Америка, как говорится, была к нам добра. Однако миссис Хамет оставила прелюбопытные документы. Думаю, вы бы тут со мной согласились.
— Если бы захотел их прочесть.
— Если бы вы в них заглянули, ручаюсь, не оторвались бы.
Она мне их предлагала. Она прихватила их с собой в Иерусалим! Для чего? Ясно, не для того, чтобы показать мне. Не могла же она предвидеть, что встретит меня здесь. Мы давно потеряли друг друга из виду. Дело в том, что у меня испортились отношения с семьей. Я взял в жены девушку из англосаксонской протестантской семьи весьма высокого происхождения, и мы с отцом поссорились.
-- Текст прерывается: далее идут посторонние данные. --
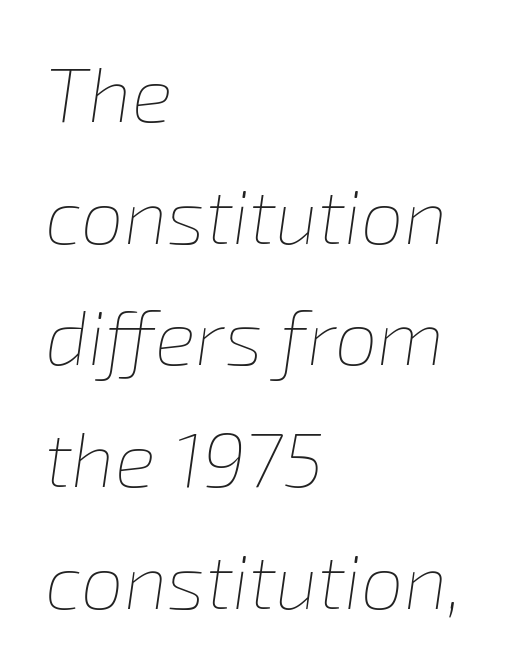
The glyphs are unaccompanied by any horizontal stroke below them. Look at the tracking — it's just the regular setting, nothing added. The letters advance in unequal steps, a hallmark of proportional type. Unbolded letterforms with no extra heft.
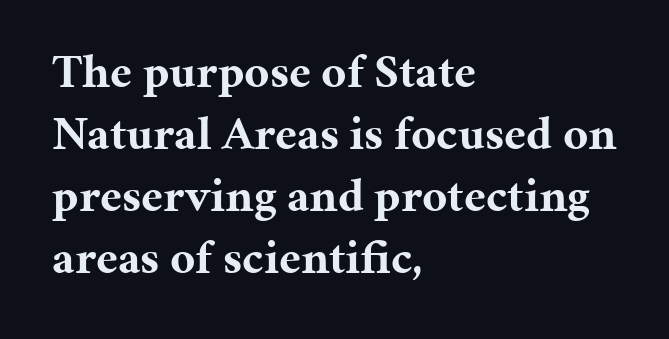
The image shows 48 px bold serif type, upright; set left-aligned, normal line spacing (1.29x), normal letter spacing, not underlined; medium stroke contrast and a medium x-height.
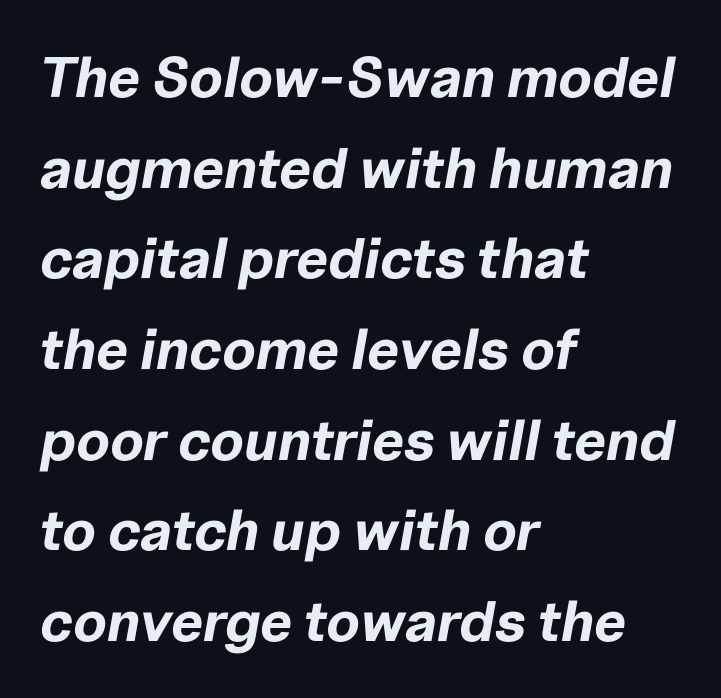
{"italic": "yes", "lean": "right", "slant_degrees": 10, "bold": "yes", "weight": "bold", "width": "normal", "stroke_contrast": "low", "x_height": "medium", "monospaced": "no", "underline": "no", "align": "left", "line_spacing": "normal", "line_spacing_ratio": 1.59, "letter_spacing": "normal", "letter_spacing_em": 0.0, "glyph_px": 57}
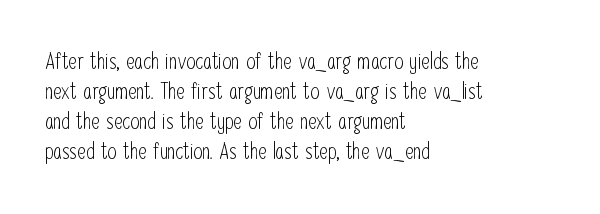
Teacher's note: observe the even left margin — that is flush-left alignment. Does extra space separate the letters? No, they use regular spacing. In terms of posture, this sample is upright. The glyphs are unaccompanied by any horizontal stroke below them. The lines sit at an ordinary, default distance from one another.
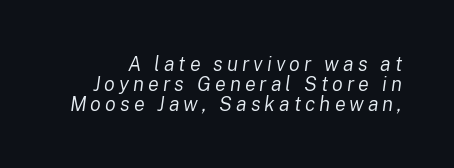
Q: Is the text bold? A: No.
Q: Is the text italic (slanted)? A: Yes, it leans right by about 8 degrees.
Q: Is the text underlined? A: No.
Q: Is the spacing between letters normal or unusually wide? A: Unusually wide.
Q: Is the spacing between lines tight, normal or loose? A: Tight.
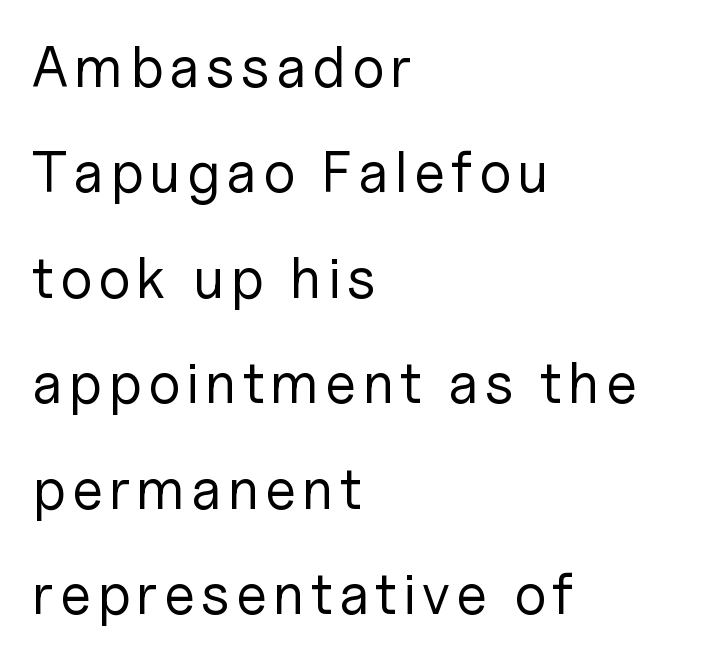
The image shows 57 px regular-weight sans-serif type, upright; set left-aligned, line spacing 1.85x, not underlined; low stroke contrast and a medium x-height.
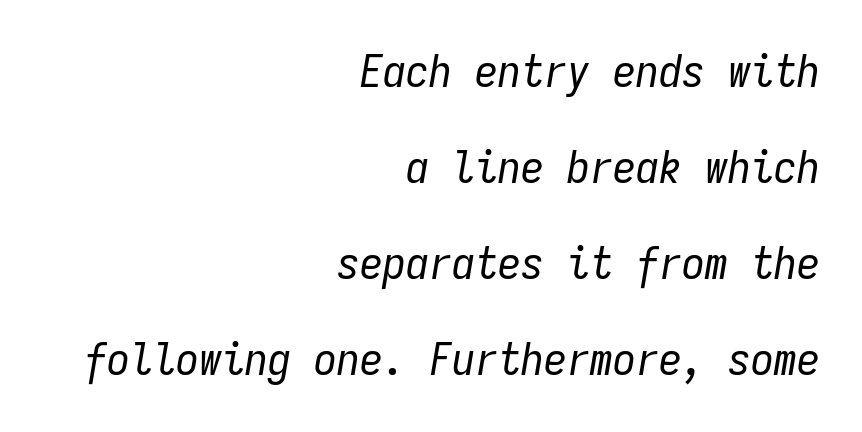
{"italic": "yes", "lean": "right", "slant_degrees": 9, "bold": "no", "weight": "regular", "width": "condensed", "stroke_contrast": "low", "x_height": "medium", "monospaced": "yes", "underline": "no", "align": "right", "line_spacing": "loose", "line_spacing_ratio": 2.09, "letter_spacing": "normal", "letter_spacing_em": 0.0, "glyph_px": 46}

Теперь я жил в Филадельфии и ни с кем в Нью-Джерси связи не поддерживал. Нью-Джерси стал для меня не более чем остановкой на пути в Нью-Йорк или Бостон. Своего рода провал памяти. Поелику возможно, я старался миновать Нью-Джерси. Как бы там ни было, я решил не читать записи.
Сорелла сказала:
— Вы, наверное, задаетесь вопросом, для каких целей я могу их употребить?
Не стану отрицать, у меня, конечно, мелькнула мысль: к чему бы она прихватила записи миссис Хамет с собой. Впрочем, честно говоря, меня не тянуло размышлять о ее мотивах. Но мне было совершенно ясно, что для нее почему-то насущно важно, чтобы я прочел эти записи.
— Ваш муж их проштудировал? — спросил я.
— Ему их не понять — он такого языка не знает.
— А вы постесняетесь изложить их понятным ему языком.
— Примерно так, — сказала Сорелла.
— Выходит, они местами очень забористые? Вы сказали, что лексикон у нее был обширнейший. Миссис Хамет клинические подробности не пугали, так я понимаю?
— В наши дни после трудов Кинси и других мало что может удивить или потрясти, — сказала Сорелла.
— Личность согрешившего — вот что может потрясти. Если, скажем, он фигура заметная.
— Вот именно.
Сорелла была женщина с устоями. Она никогда не предложила бы мне участвовать с ней в чем-то неприличном. Ничто порочное ей просто не могло прийти в голову. Она в жизни своей никого не совратила — готов поставить на кон годовой доход. Основательность ее характера могла сравниться лишь с ее габаритами. Отороченная фестончиками квадратная вставка на груди говорила об отрицании обыденных грешков. И сами фестоны чудились мне рукописным посланием, предостерегающим от нечистых толкований, от ложных атрибуций.
Она молчала. Казалось, она говорит: «Вы мне не верите?» Что ж, разговор наш происходил в Иерусалиме, а на меня невероятно действует обстановка. Я вмиг подтянулся: приходится соответствовать — крестоносцы все же, Цезарь, Христос, цари Израилевы. Вдобавок и ее сердце (как и мое) билось неотступной преданностью, верой в необходимость нести дальше извечную тайну — только не просите меня ее растолковывать.
В пролетарском Трентоне я бы ничего подобного не испытал.
Сорелла была слишком крупной личностью и не стала бы затевать злокозненные интриги или пакостить по-мелкому. Глаза ее казались прорезями в небесной сини, а их дно (camera obscura) можно уподобить космической тьме, где нет предметов, которые отразили бы потоки невидимого света.
Через день-два заметка в газетенке «Пост» прояснила все; В Иерусалим со дня на день ожидался приезд Билли Роза и дизайнера, планировщика и скульптора Исаму Ногучи. Блистательный Роз, который не оставлял Израиль своими попечениями, собирался преподнести в дар городу парк и украсить его коллекцией шедевров. Разбить парк он уговорил Ногучи, ну а если тот сочтет это ниже своего достоинства, пусть хотя бы возьмет на себя общее руководство планировкой, ибо Билли, по словам репортера, был силен по части филантропии и слаб по части эстетики. Билли знал, чего хотел; более того, он знал, чего не хотел.